▸ ASSIGNMENT
Leaving the pictures aside, repeat every line below exactly.

_ _ _ _

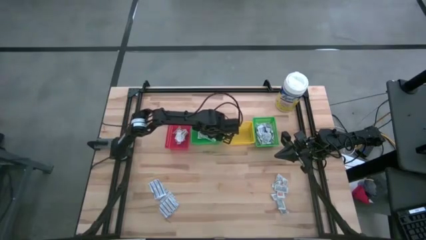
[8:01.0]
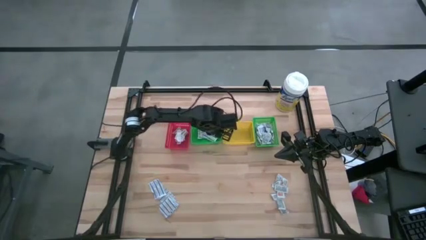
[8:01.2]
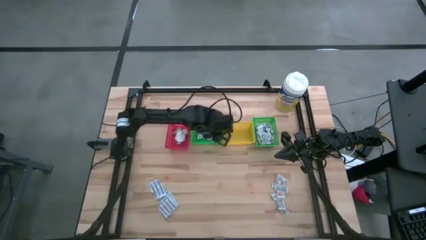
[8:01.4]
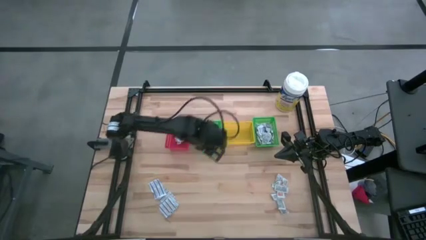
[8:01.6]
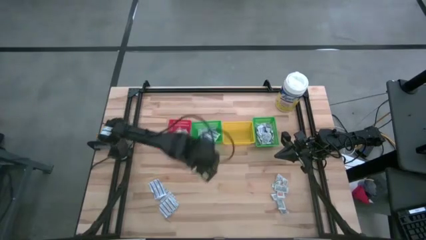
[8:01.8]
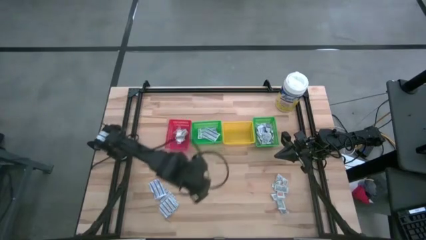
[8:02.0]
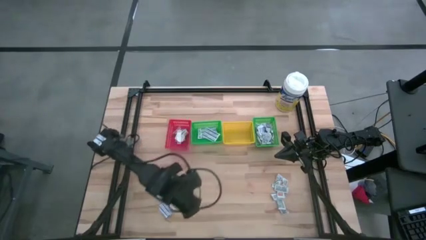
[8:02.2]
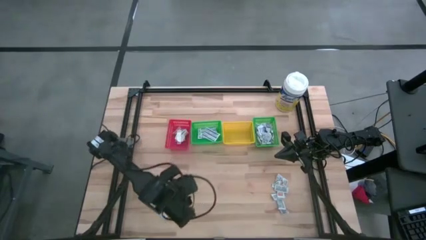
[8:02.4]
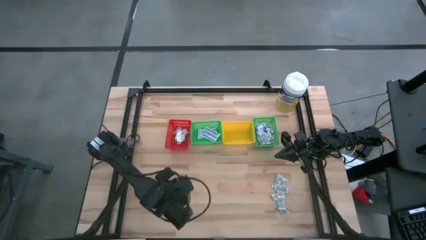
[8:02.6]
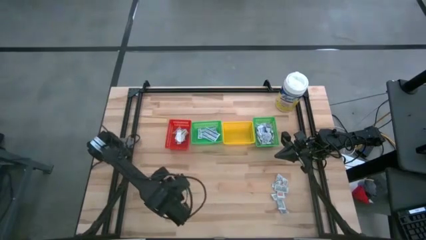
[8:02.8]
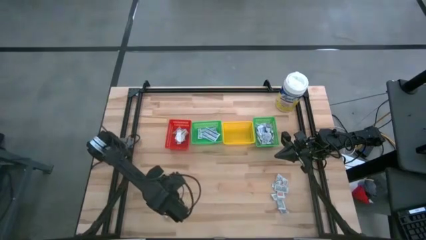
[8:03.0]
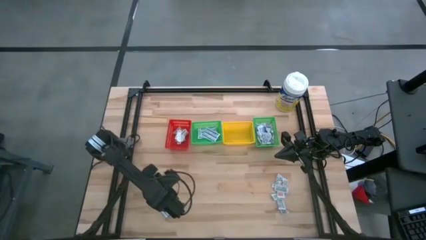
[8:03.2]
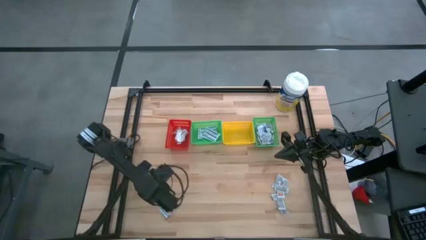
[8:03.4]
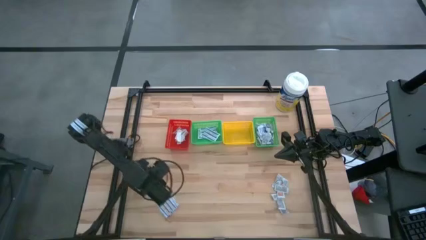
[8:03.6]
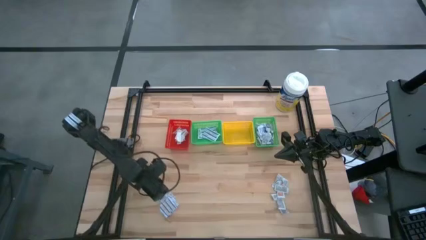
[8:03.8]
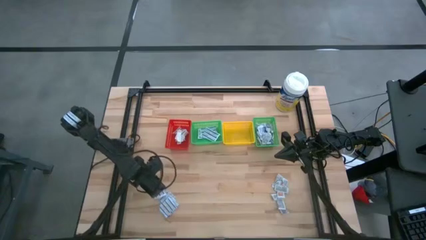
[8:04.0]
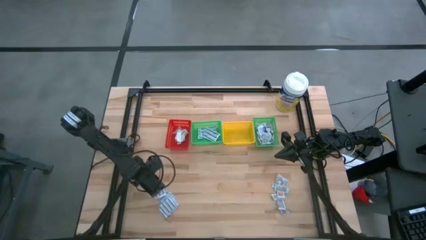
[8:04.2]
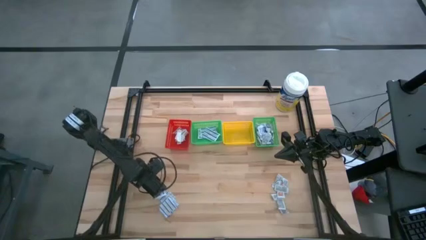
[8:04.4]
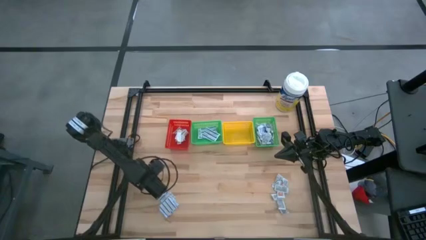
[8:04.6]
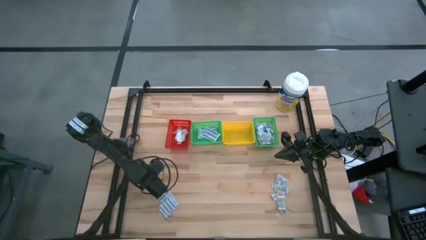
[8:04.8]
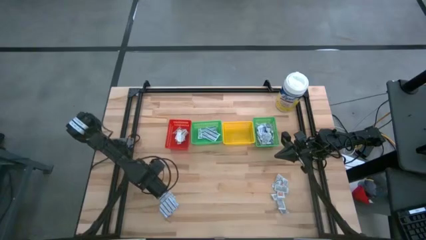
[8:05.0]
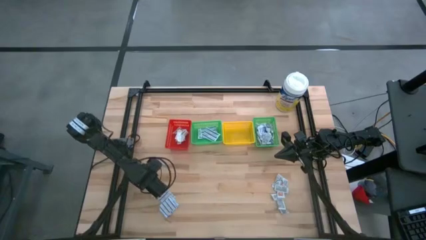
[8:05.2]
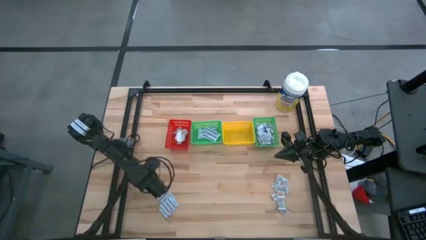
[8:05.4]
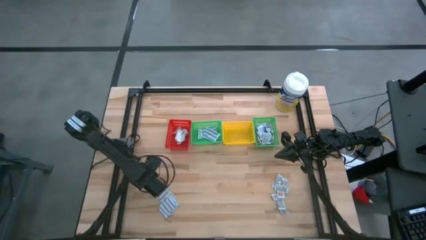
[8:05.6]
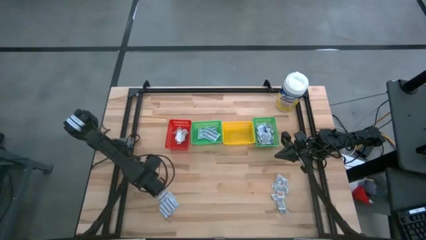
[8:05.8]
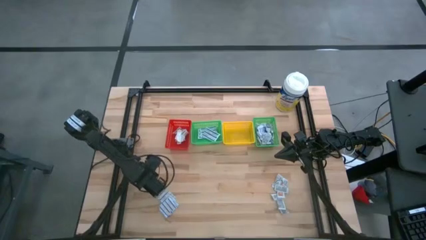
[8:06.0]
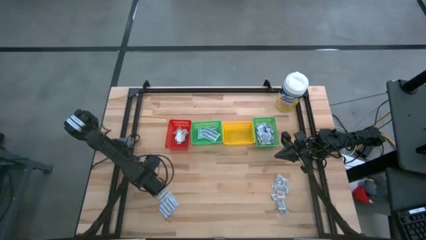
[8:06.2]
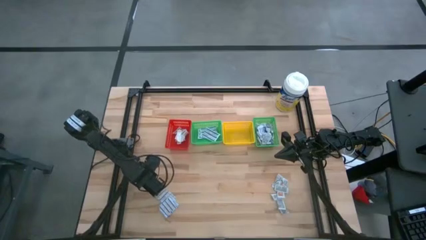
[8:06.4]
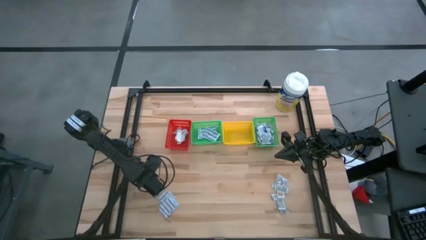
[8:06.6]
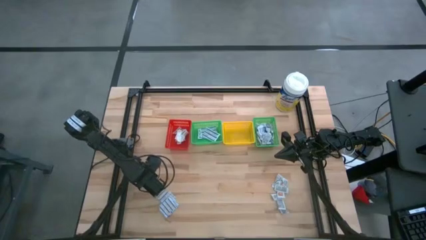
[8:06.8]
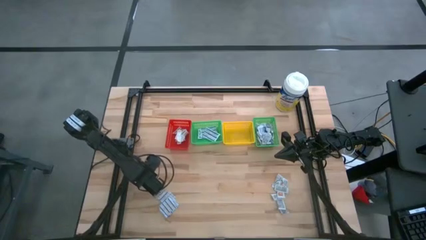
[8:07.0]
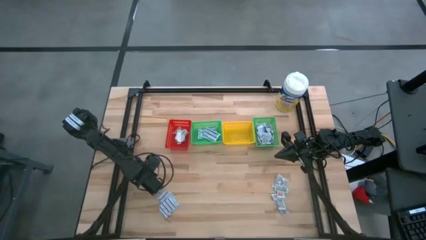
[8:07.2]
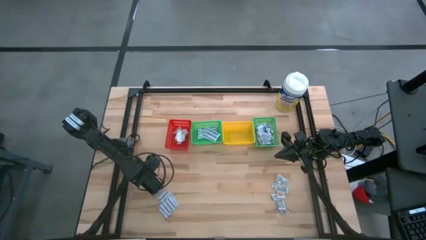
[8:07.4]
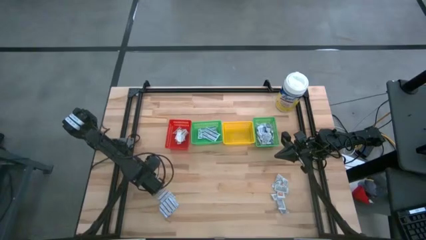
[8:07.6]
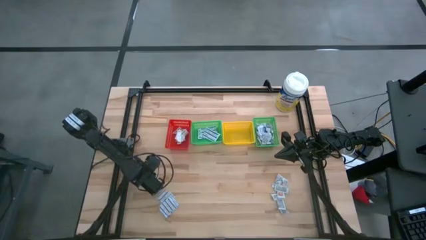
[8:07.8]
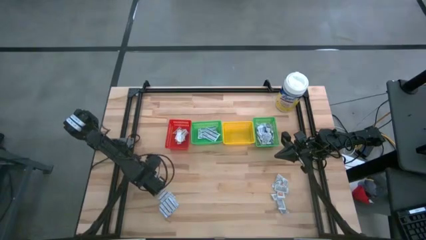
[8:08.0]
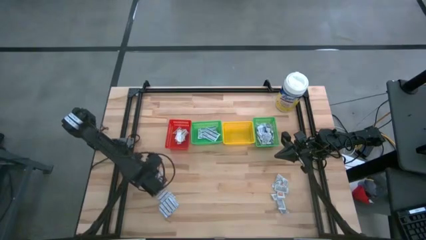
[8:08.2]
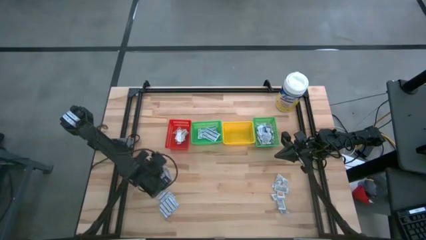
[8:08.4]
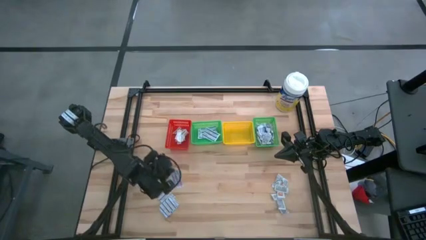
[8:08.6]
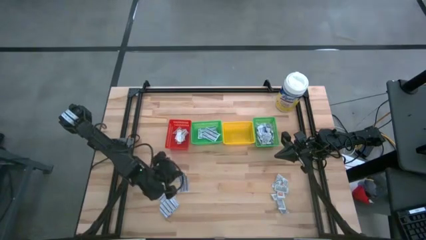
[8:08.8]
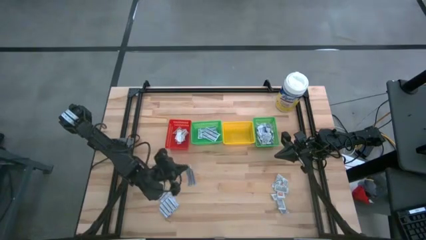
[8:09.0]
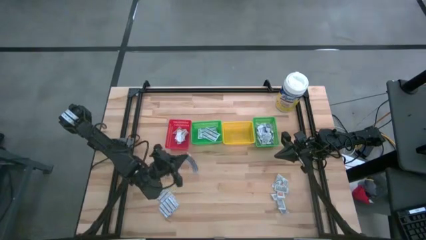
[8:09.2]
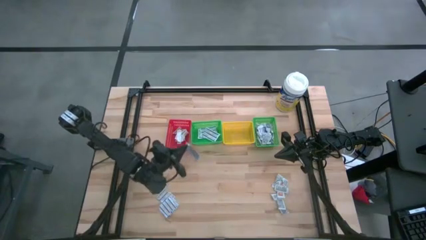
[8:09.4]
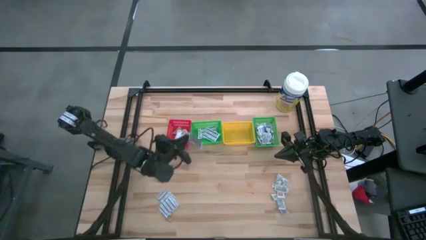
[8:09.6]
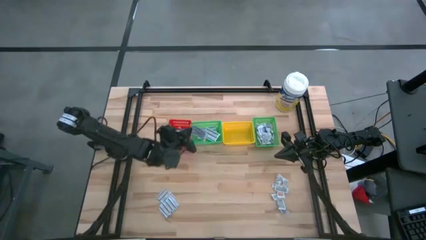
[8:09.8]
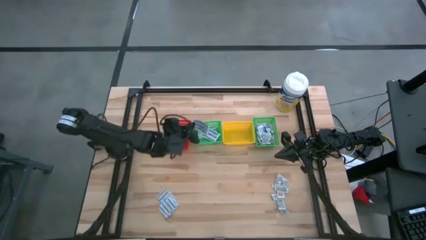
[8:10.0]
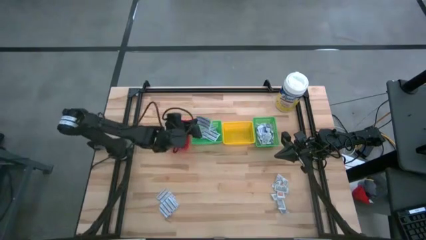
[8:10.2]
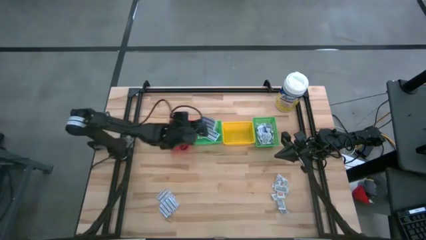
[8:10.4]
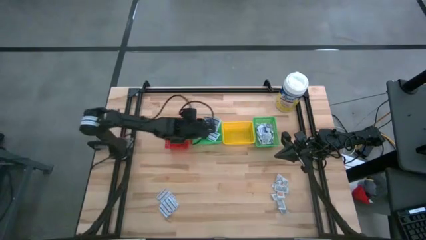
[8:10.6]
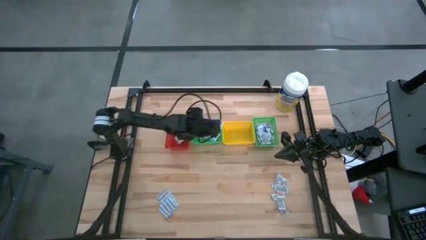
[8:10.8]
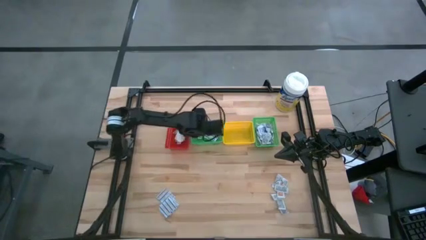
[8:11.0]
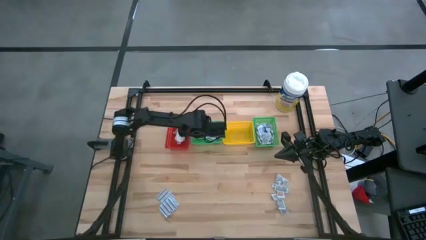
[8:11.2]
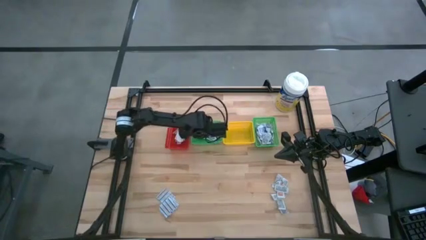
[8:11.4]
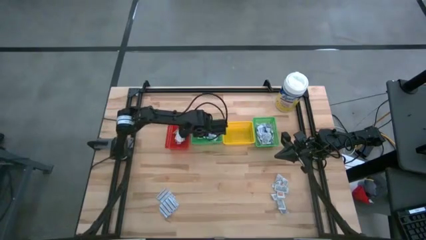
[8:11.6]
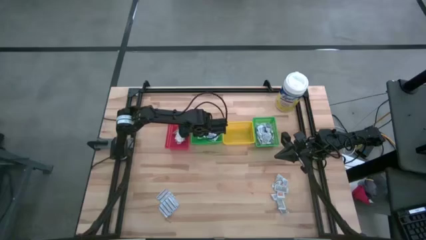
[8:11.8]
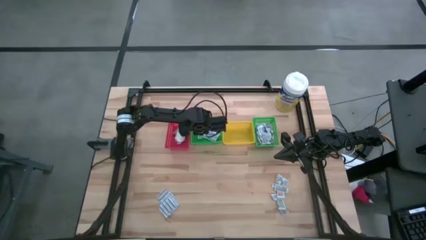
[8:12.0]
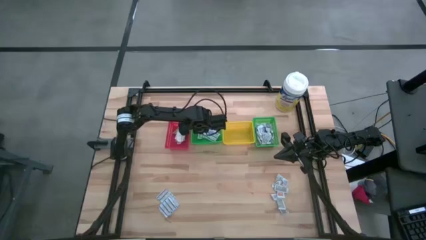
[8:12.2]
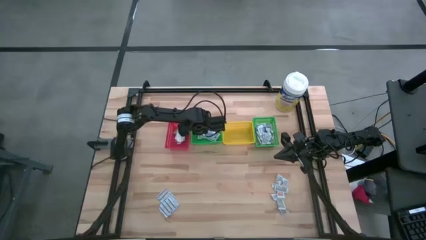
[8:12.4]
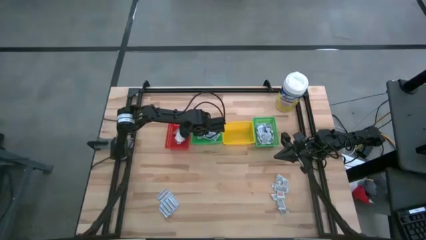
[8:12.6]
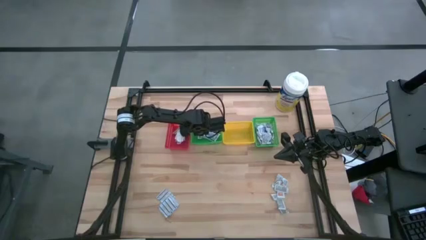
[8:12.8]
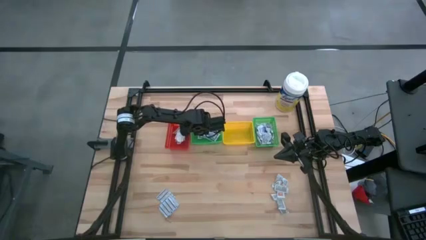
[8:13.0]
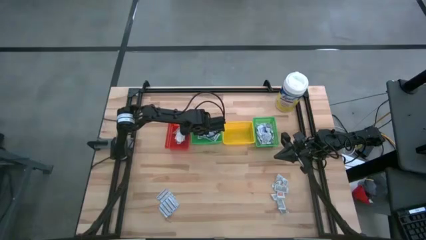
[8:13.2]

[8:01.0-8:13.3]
Task: Pick & Place First Aid Supplies
Put the blue bandage into the left green bin

_ _ _ _

▸ RESULT FOR THIS TASK
[8:01.0]
[8:01.2]
[8:01.4]
[8:01.6]
[8:01.8]
[8:02.0]
[8:02.2]
[8:02.4]
[8:02.6]
[8:02.8]
[8:03.0]
[8:03.2]
[8:03.4]
[8:03.6]
[8:03.8]
[8:04.0]
[8:04.2]
[8:04.4]
[8:04.6]
[8:04.8]
[8:05.0]
[8:05.2]
[8:05.4]
[8:05.6]
[8:05.8]
[8:06.0]
[8:06.2]
[8:06.4]
[8:06.6]
[8:06.8]
[8:07.0]
[8:07.2]
[8:07.4]
[8:07.6]
[8:07.8]
[8:08.0]
[8:08.2]
[8:08.4]
[8:08.6]
[8:08.8]
[8:09.0]
[8:09.2]
[8:09.4]
[8:09.6]
[8:09.8]
[8:10.0]
[8:10.2]
[8:10.4]
[8:10.6]
[8:10.8]
[8:11.0]
[8:11.2]
[8:11.4]
[8:11.6]
[8:11.8]
[8:12.0]
[8:12.2]
[8:12.4]
[8:12.6]
[8:12.8]
[8:13.0]
[8:13.2]

[8:01.0-8:13.3]
Task: Pick & Place First Aid Supplies
Put the blue bandage into the left green bin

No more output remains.